EDIT: New faster method added
There is a simpler and faster method to solve this problem that, however, may fail if a line contains more than one tag:
#echo off
setlocal EnableDelayedExpansion
set "source=GEN 0 GENERAL.html"
set "pdf=0_1_en.pdf"
echo In file: "%source%"
echo Look for anchor: "%pdf%"
for /F "delims=" %%c in ('findstr /C:"<a>" "%source%" ^| findstr /C:"%pdf%"') do (
set "tag=%%c"
rem Get the value of "<b>" sub-tag
set "tag=!tag:<b>=$!"
set "tag=!tag:</b>=$!"
for /F "tokens=2 delims=$" %%b in ("!tag!") do set title=%%b
echo Title found: "!title!"
)
pause
First, one important question: does this really have to be implemented via a CMD script? Would you be able to go with VBScript, PowerShell, C#, or some other scripting/programming language? CMD is a notoriously painful scripting environment.

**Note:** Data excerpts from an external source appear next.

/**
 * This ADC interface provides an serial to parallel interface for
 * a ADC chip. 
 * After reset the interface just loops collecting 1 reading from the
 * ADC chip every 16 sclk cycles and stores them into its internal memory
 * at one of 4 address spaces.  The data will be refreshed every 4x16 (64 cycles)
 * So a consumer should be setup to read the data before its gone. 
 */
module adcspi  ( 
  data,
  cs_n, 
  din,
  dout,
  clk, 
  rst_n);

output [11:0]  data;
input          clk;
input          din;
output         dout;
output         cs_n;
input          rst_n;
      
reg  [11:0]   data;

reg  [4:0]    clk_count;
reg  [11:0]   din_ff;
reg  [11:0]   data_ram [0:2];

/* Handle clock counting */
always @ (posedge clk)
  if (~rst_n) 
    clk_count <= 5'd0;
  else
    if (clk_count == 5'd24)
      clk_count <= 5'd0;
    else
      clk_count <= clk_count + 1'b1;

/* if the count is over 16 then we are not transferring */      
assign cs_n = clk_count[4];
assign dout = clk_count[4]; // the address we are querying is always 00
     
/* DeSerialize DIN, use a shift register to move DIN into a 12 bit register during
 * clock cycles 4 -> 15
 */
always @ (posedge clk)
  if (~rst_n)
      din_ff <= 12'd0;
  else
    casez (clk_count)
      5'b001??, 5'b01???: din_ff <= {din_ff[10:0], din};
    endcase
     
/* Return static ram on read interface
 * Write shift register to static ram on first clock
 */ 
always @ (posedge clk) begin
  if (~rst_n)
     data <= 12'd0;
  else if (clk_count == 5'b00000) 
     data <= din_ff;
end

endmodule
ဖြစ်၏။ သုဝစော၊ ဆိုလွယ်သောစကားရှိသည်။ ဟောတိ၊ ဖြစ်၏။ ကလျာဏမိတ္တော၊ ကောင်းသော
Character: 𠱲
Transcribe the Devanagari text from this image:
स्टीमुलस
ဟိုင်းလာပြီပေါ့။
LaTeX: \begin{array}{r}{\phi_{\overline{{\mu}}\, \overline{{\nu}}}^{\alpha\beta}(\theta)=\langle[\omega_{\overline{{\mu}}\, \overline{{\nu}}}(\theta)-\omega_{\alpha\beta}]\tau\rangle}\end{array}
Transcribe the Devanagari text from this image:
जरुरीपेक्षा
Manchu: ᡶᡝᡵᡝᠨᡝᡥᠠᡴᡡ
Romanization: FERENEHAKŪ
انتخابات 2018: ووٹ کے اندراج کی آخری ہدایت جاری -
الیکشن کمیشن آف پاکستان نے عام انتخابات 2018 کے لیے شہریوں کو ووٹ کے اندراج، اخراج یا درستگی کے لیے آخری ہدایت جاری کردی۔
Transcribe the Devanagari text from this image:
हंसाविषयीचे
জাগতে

Secondly, I'm not sure if this answers your question--it's a bit unclear--but here's a quick trick you can use to see in CMD to see if a given string contains another substring:
setlocal enableextensions enabledelayedexpansion
set PATTERN=somepattern
for /f "delims=" %%f in (somefile.txt) do (
set CURRENT_LINE=%%f
if "!CURRENT_LINE:%PATTERN%=!" neq "!TEMP!" (
echo Found pattern in line: %%f
)
)
The idea is that you try to perform string replacement and see if anything was changed. This is certainly a hack, and it would be preferable if you could instead use a tool like findstr or grep, but if you're limited in your options, something like the above should work.
NOTE: I haven't actually run the above script excerpt, so let me know if you have any difficulty with it.

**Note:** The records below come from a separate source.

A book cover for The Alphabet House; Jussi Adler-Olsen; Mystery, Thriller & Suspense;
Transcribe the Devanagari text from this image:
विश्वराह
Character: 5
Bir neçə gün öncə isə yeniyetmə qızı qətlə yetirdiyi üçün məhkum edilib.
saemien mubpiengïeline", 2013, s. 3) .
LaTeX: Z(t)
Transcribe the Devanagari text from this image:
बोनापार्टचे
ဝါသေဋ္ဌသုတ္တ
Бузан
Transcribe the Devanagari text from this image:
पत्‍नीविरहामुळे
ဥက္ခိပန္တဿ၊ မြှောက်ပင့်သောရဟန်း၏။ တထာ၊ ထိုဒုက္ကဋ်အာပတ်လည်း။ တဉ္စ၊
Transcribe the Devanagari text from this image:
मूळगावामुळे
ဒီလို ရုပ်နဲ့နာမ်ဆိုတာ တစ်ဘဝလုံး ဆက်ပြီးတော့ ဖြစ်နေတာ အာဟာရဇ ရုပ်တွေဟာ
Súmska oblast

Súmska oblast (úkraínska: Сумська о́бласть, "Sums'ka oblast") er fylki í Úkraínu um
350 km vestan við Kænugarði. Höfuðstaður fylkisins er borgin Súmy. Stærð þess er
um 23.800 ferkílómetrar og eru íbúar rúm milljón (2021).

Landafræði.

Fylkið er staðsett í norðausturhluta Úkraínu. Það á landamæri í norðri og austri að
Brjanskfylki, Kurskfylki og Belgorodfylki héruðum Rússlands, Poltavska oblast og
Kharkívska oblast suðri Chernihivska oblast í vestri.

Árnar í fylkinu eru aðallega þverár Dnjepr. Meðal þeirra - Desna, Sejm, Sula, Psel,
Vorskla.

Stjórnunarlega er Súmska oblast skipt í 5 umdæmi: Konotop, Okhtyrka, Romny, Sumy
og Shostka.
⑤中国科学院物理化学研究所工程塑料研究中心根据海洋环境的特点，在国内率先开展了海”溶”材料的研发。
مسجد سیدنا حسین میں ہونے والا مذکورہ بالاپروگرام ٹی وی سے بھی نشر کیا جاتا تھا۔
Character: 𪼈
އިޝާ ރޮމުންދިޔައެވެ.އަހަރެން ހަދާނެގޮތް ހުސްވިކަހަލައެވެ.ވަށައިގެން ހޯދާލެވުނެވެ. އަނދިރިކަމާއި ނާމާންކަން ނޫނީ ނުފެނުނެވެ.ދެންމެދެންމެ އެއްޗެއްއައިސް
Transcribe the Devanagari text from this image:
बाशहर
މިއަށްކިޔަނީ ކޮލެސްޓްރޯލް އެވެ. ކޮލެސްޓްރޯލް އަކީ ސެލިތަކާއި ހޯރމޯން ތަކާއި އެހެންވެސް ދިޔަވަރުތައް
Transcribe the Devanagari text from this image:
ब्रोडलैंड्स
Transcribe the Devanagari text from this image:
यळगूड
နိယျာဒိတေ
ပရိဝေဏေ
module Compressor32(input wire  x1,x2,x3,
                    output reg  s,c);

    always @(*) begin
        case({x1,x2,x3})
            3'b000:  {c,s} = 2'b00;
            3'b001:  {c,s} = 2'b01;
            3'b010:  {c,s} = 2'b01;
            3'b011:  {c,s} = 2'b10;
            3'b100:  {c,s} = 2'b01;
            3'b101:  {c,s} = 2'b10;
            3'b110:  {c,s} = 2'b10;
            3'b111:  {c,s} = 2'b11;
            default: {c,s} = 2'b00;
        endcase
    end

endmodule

I have modified the way to do it. I realized that it is better to find name of pdf document first. This is my almost completed solution, but I ask you if you could help me with the last point. The last replacing statement does not work because I need to remove closing tag b. Just to get the title.
#echo off
setlocal EnableDelayedExpansion
set "source=GEN 0 GENERAL.html"
set "pdf=0_1_en.pdf"
echo In file:%source%
echo Look for anchor:%pdf%
rem Process each line in %source% file:
for /F "usebackq delims=" %%c in ("%source%") do (
set "line=%%c"
REM Test if the line contains pdf file I look for:
SET "pdfline=!line:%pdf%=!"
if not "!pdfline!" == "!line!" (
cls
echo Line: !line!
REM Test if the pdfline contains tag b
SET "tagline=!pdfline:*><b>=!"
if not "!tagline!" == "!pdfline!" (
cls
echo ACTUAL LINE: !tagline!
REM Remove closing tag b
SET "title=!tagline:</b*=!"
echo TITLE: !title!
pause
)
)
)
pause
BTW:
The html page I work with is here.
So I ask you to help complete/repair line SET "title=!tagline:</b*=!"